*** Opening of STUDY MATERIAL ***
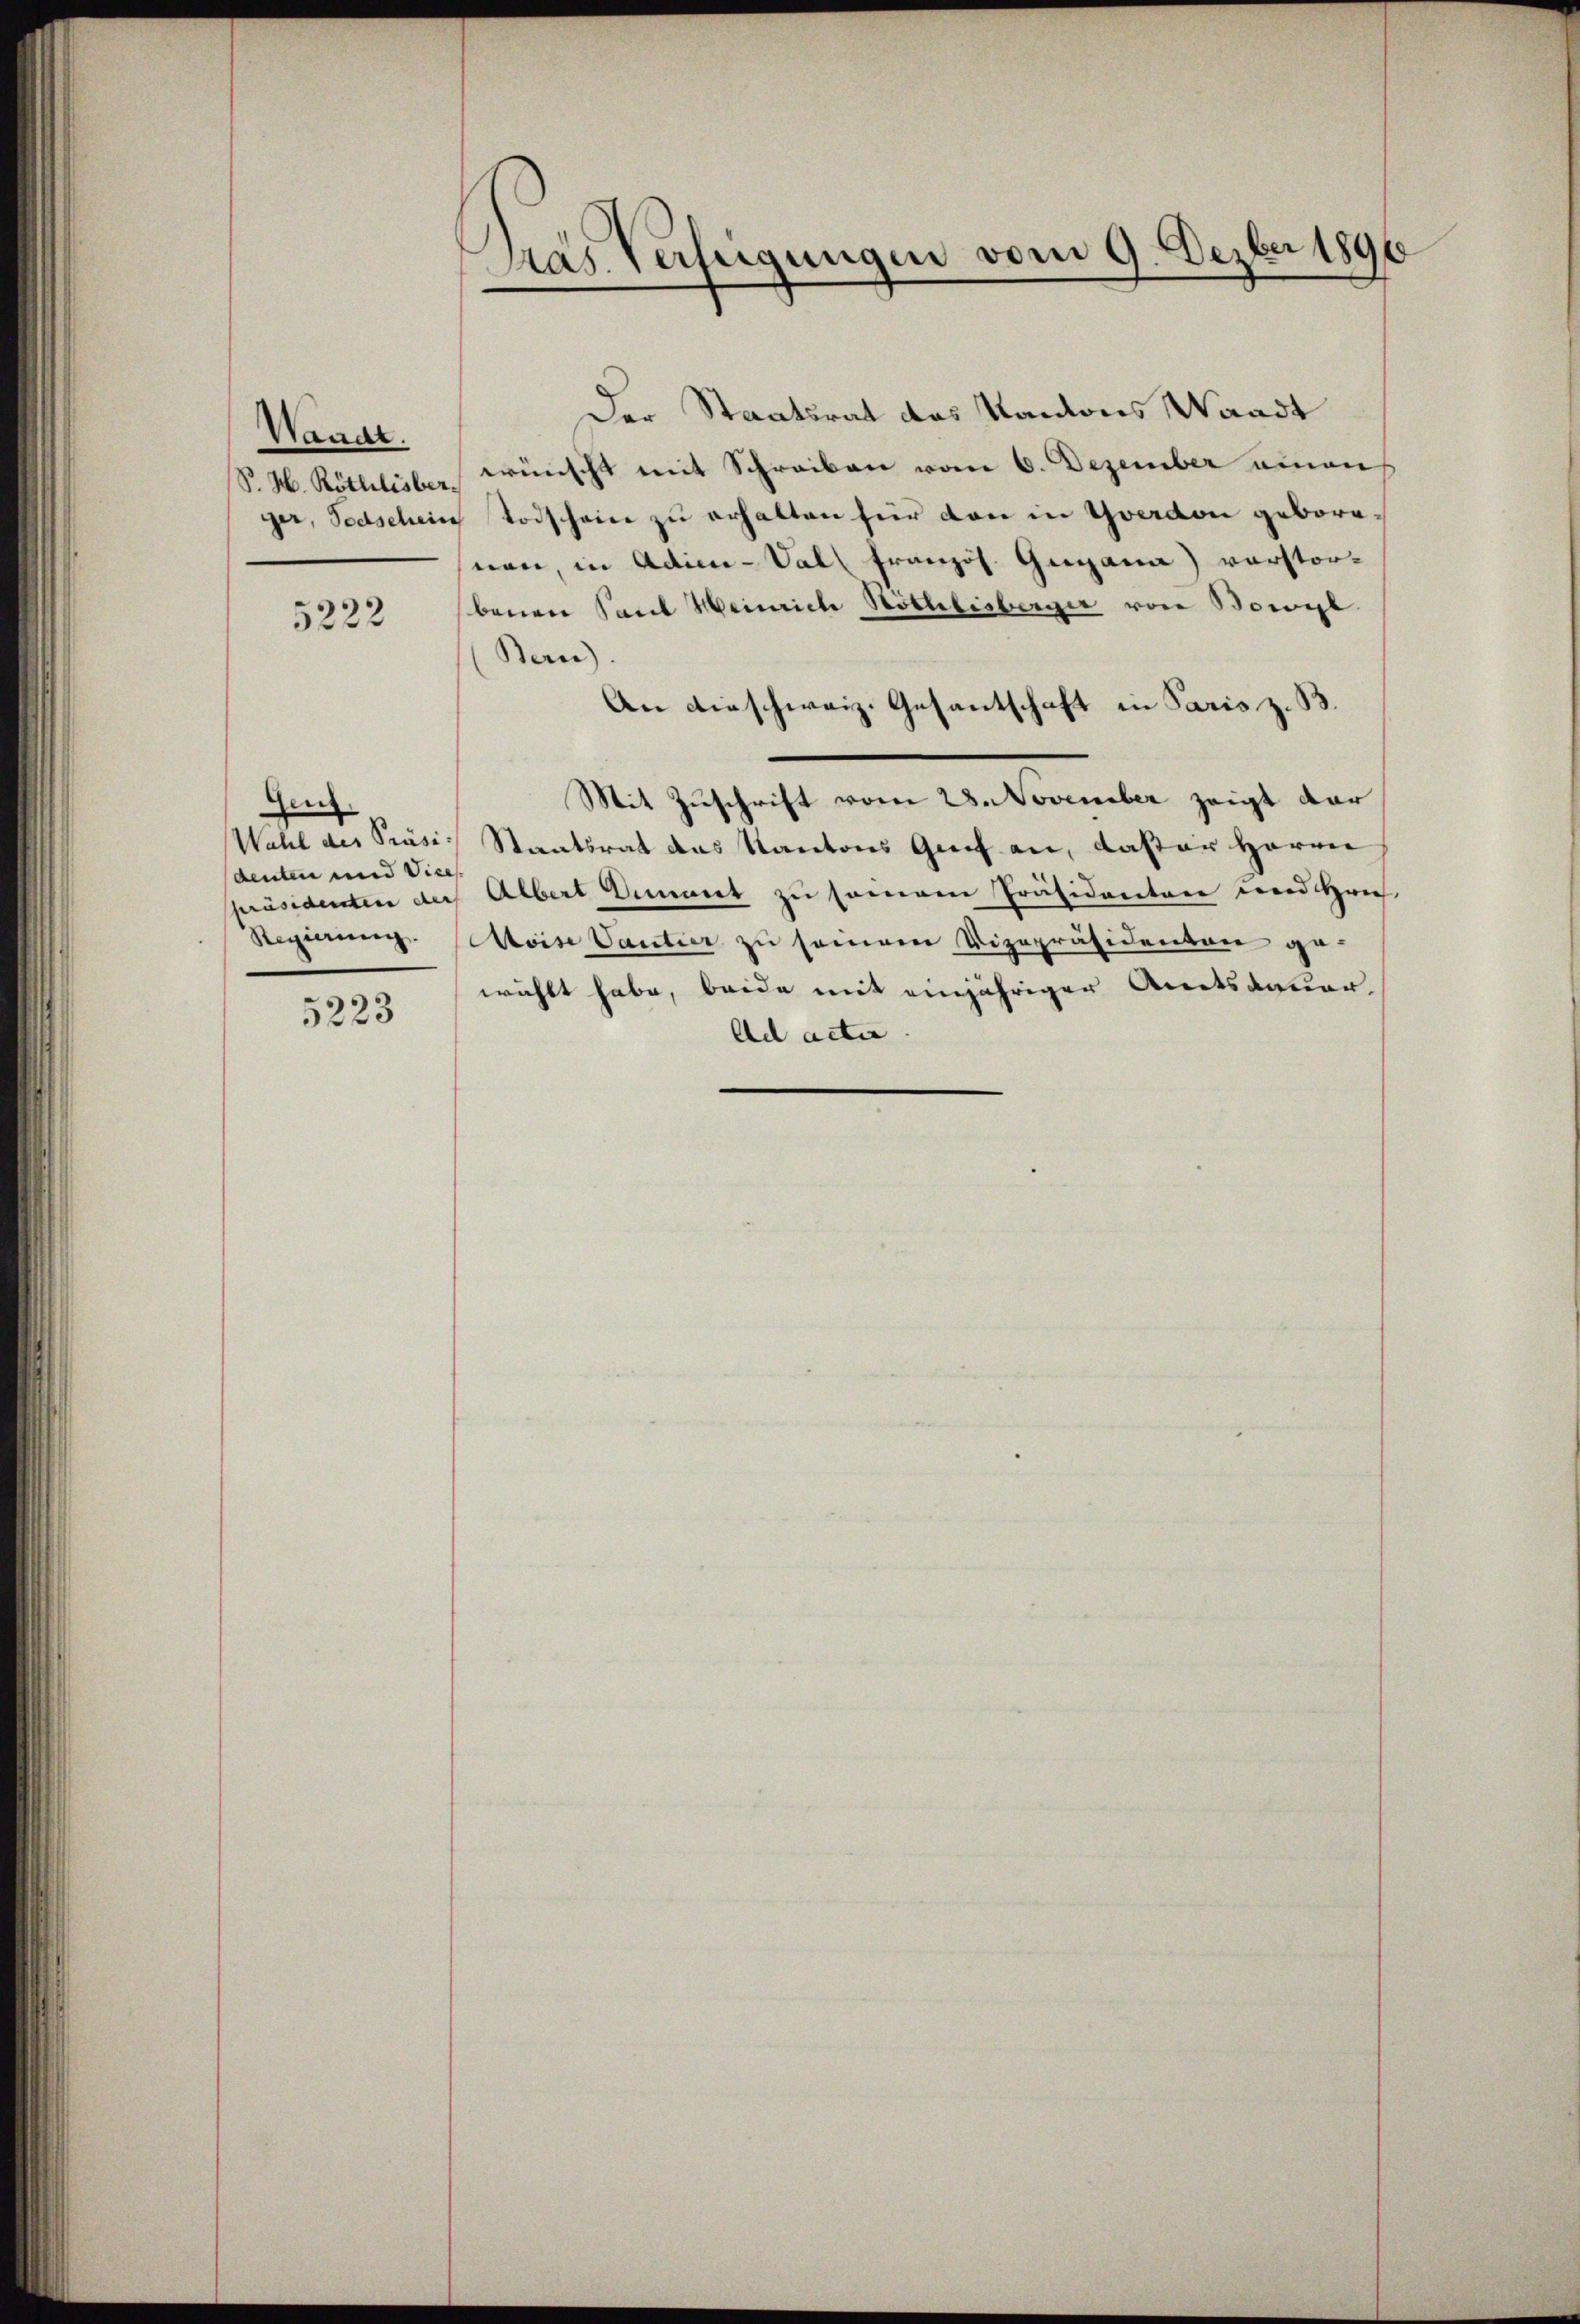
Waadt.
S. H. Röthlisber
ger, Todschein

5222

Genz
Wahl des Präsi-
denten und Vices.
Präsidenten der

5223

Pras verfügungen vom 9. Dezber 1896

Der Staatsrat des Kantons Waadt
wünscht mit Schreiben vom 6. Dezember einen
Todschein zu erhalten für den in Yverdon geborenen, in Adieu-Val Französ. Gigana) verstorbenen Sant Heinrich Nothlisberger von Borel
Bern)
An dieschweiz. Gesantschaft in Paris z. B.
Mit Zuschrift vom 28. November zeigt dar
Staatsrat das Kantons Greif an, daster Herrn
Albert Diment zu seinen Präsidenten und rich
Regierŭng. Aloise Vautier zu seinem Vizepräsidenten ge-
wählt habe, beide mit einjähriger Amtsdauer
Ad acti
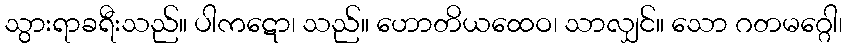
သွားရာခရီးသည်။ ပါကဋော၊ သည်။ ဟောတိယထေဝ၊ သာလျှင်။ သော ဂတမဂ္ဂေါ၊
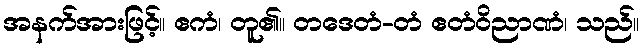
အနက်အားဖြင့်။ ဧကံ၊ တူ၏။ တဒေတံ-တံ ဧတံဝိညာဏံ၊ သည်။
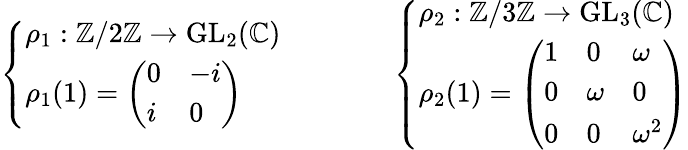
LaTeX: {\left\{ \begin{array}{ll}{\rho_{1}:\mathbb{Z}/2\mathbb{Z}\to{\mathrm{GL}}_{2}(\mathbb{C})}\\ {\rho_{1}(1)={\left(\begin{array}{ll}{0}&{-i}\\ {i}&{0}\end{array}\right)}}\end{array}\right.}\qquad\qquad{\left\{ \begin{array}{ll}{\rho_{2}:\mathbb{Z}/3\mathbb{Z}\to{\mathrm{GL}}_{3}(\mathbb{C})}\\ {\rho_{2}(1)={\left(\begin{array}{lll}{1}&{0}&{\omega}\\ {0}&{\omega}&{0}\\ {0}&{0}&{\omega^{2}}\end{array}\right)}}\end{array}\right.}
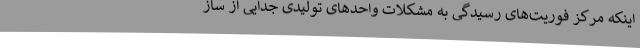
اینکه مرکز فوریت‌های رسیدگی به مشکلات واحدهای تولیدی جدایی از ساز
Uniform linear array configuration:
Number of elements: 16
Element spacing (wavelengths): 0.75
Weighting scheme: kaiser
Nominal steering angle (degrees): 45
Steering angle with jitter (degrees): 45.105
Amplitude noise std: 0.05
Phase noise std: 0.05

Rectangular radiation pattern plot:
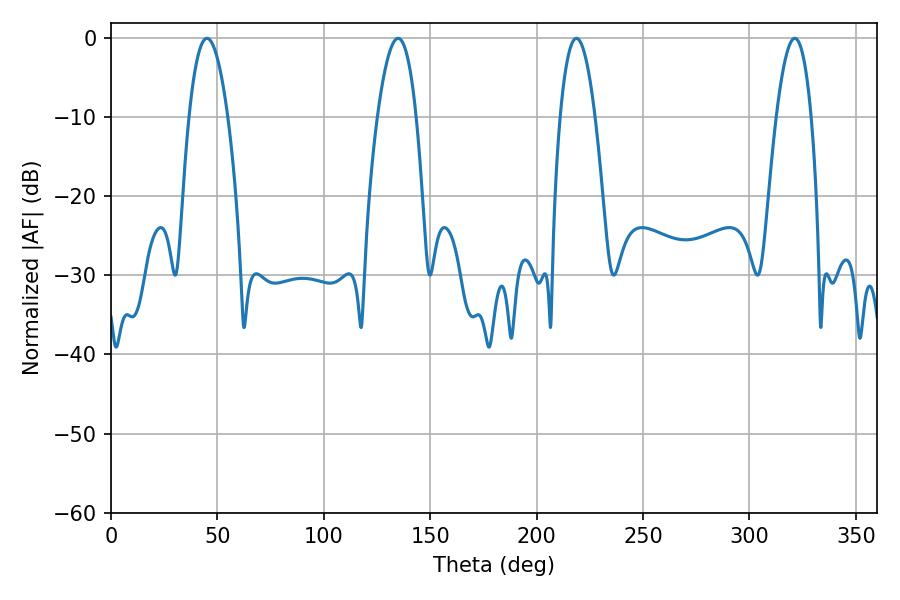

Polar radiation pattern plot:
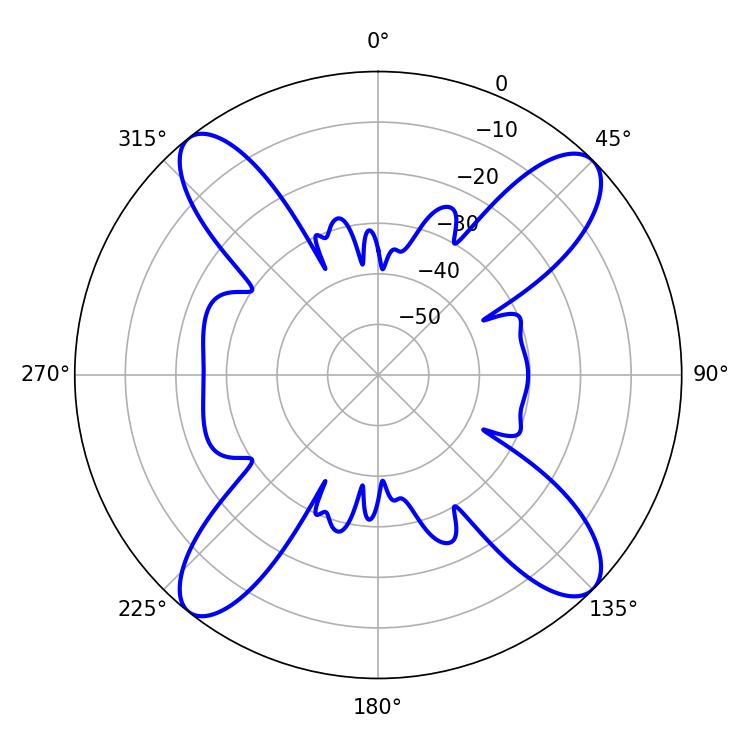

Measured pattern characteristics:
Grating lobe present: TRUE
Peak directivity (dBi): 15.862
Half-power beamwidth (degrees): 9
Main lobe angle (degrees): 218.7
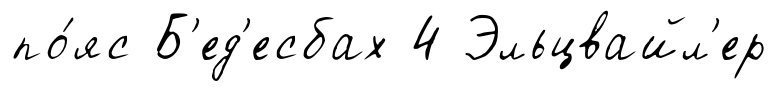
по́яс Б'ед'есбах 4 Эльцвайл'ер
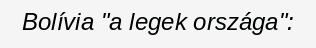
Bolívia "a legek országa":
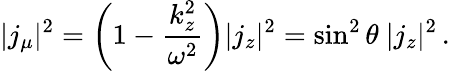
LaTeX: |j_{\mu}|^{2}=\left(1-\frac{k_{z}^{2}}{\omega^{2}}\right)|j_{z}|^{2}=\sin^{2}\theta\ |j_{z}|^{2}\, .
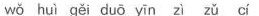
wǒ huì gěi duō yīn zì zǔ cí
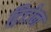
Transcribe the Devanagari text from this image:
ट्रिटोन
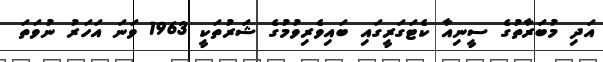
އަދި މުބަރާތުގެ ސީނިއާ ކެޓަގަރީގައި ބައިވެރިވުމުގެ ޝަރުތަކީ 1963 ވަނަ އަހަރު ނުވަތަ
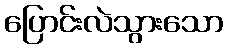
ပြောင်းလဲသွားသော
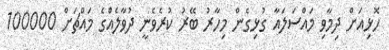
ހޮޅިއަށް ދިމާވި މައްސަލައާ ގުޅިގެން މިހާރު ބޭރު ކުރެވެނީ ދުވާލެއްގެ މައްޗަށް 100000
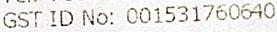
GST ID NO: 001531760640
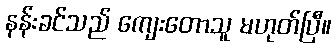
နန်းခင်သည် ကျေးတောသူ မဟုတ်ပြီ။
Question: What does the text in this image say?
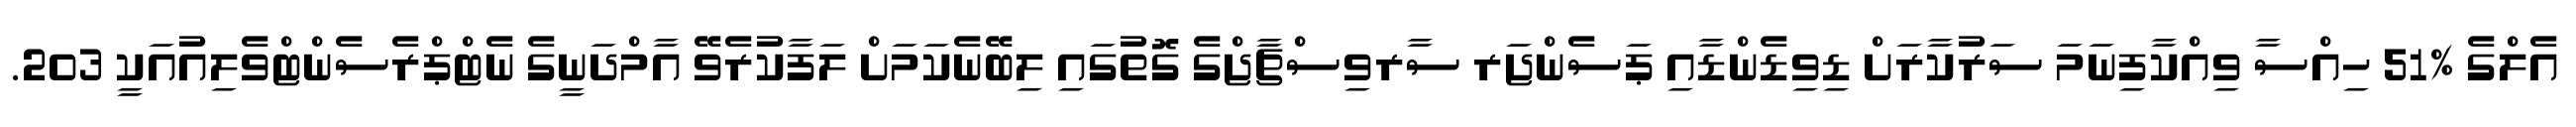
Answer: އެލްގެ %51 ހިއްސާ ވިއްކާފިނަމަ ސަރުކާރަށް ޑިވިޑެންޑާއި ޕަސެންޖަރ ސާރވިސްޗާޖްގެ ގޮތުގައި ލިބޭނެކަމަށް ލަފާކުރެވޭ އާމްދަނީގެ ނެޓްޕްރެސެންޓްވެލިއުއަކީ 203.
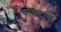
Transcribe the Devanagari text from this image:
पाचटाचे
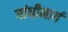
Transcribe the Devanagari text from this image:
गांधीमार्ग
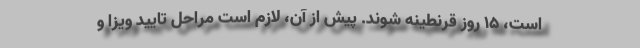
است، ۱۵ روز قرنطینه شوند. پیش از آن، لازم است مراحل تایید ویزا و
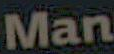
Man
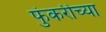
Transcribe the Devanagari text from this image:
फुंकरीच्या
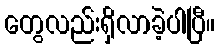
တွေလည်းရှိလာခဲ့ပါပြီ။
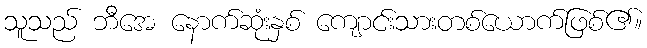
သူသည် ဘီအေ နောက်ဆုံးနှစ် ကျောင်းသားတစ်ယောက်ဖြစ်၏။
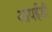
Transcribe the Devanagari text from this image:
आयईडी
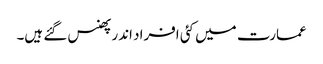
عمارت میں کئی افراد اندر پھنس گئے ہیں۔
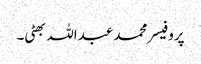
پروفیسر محمد عبداللہ بھٹی۔
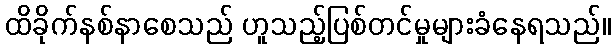
ထိခိုက်နစ်နာစေသည် ဟူသည့်ပြစ်တင်မှုများခံနေရသည်။
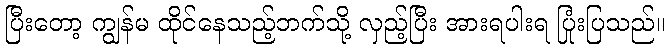
ပြီးတော့ ကျွန်မ ထိုင်နေသည့်ဘက်သို့ လှည့်ပြီး အားရပါးရ ပြုံးပြသည်။
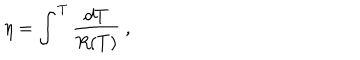
LaTeX: \eta = \int ^ { T } \frac { d T } { R ( T ) } ~ ,
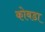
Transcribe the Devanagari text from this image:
कोबडा
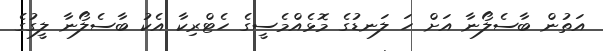
އަތުން ބާސެލޯނާ އަށް ހަ ލަނޑުގެ މޮޅެއްމެސީގެ ހެޓްރިކާ އެކު ބާސެލޯނާ ލީގުގެ
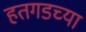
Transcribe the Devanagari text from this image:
हतगडच्या
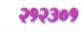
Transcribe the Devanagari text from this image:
२१२३०१
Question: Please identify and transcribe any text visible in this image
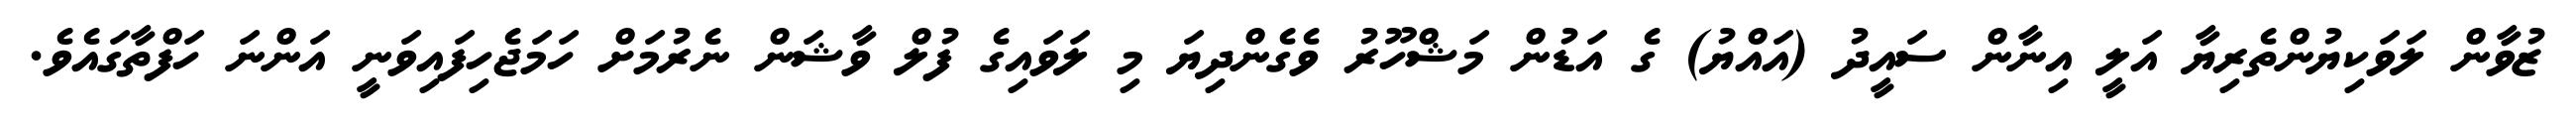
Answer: ޒުވާން ލަވަކިޔުންތެރިޔާ އަލީ އިނާން ސައީދު (އައްޔު) ގެ އަޑުން މަޝްހޫރު ވެގެންދިޔަ މި ލަވައިގެ ފުލް ވާޝަން ނެރުމަށް ހަމަޖެހިފައިވަނީ އަންނަ ހަފްތާގައެވެ.
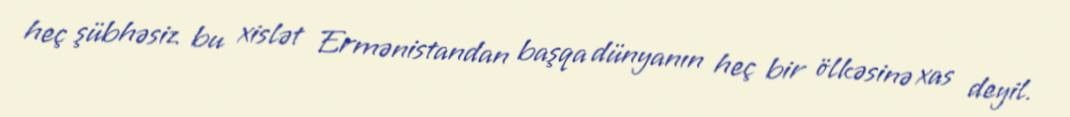
heç şübhəsiz bu xislət Ermənistandan başqa dünyanın heç bir ölkəsinə xas deyil.
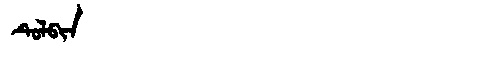
Manchu: ᡨᡠᠯᠪᡳᠨ
Romanization: TULBIN
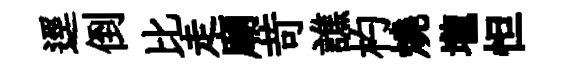
逕倒比走廟苛譙杓燒壠怛
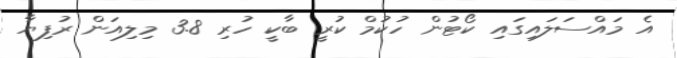
އެ މައްސަލައިގައި ކޯޓުން ހުކުމް ކުރީ ބާކީ ހުރި 3.8 މިލިއަން ރުފިޔާ
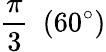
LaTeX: {\frac{\pi}{3}}\ \ (60^{\circ})
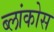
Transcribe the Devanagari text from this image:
ब्लांकोस
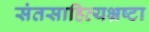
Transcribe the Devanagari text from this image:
संतसाहित्यभ्रष्टा
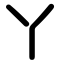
*** Close of STUDY MATERIAL ***
Taking the listing above as a whole, state how many of its lines hold the string "noise". No other output is permitted.

2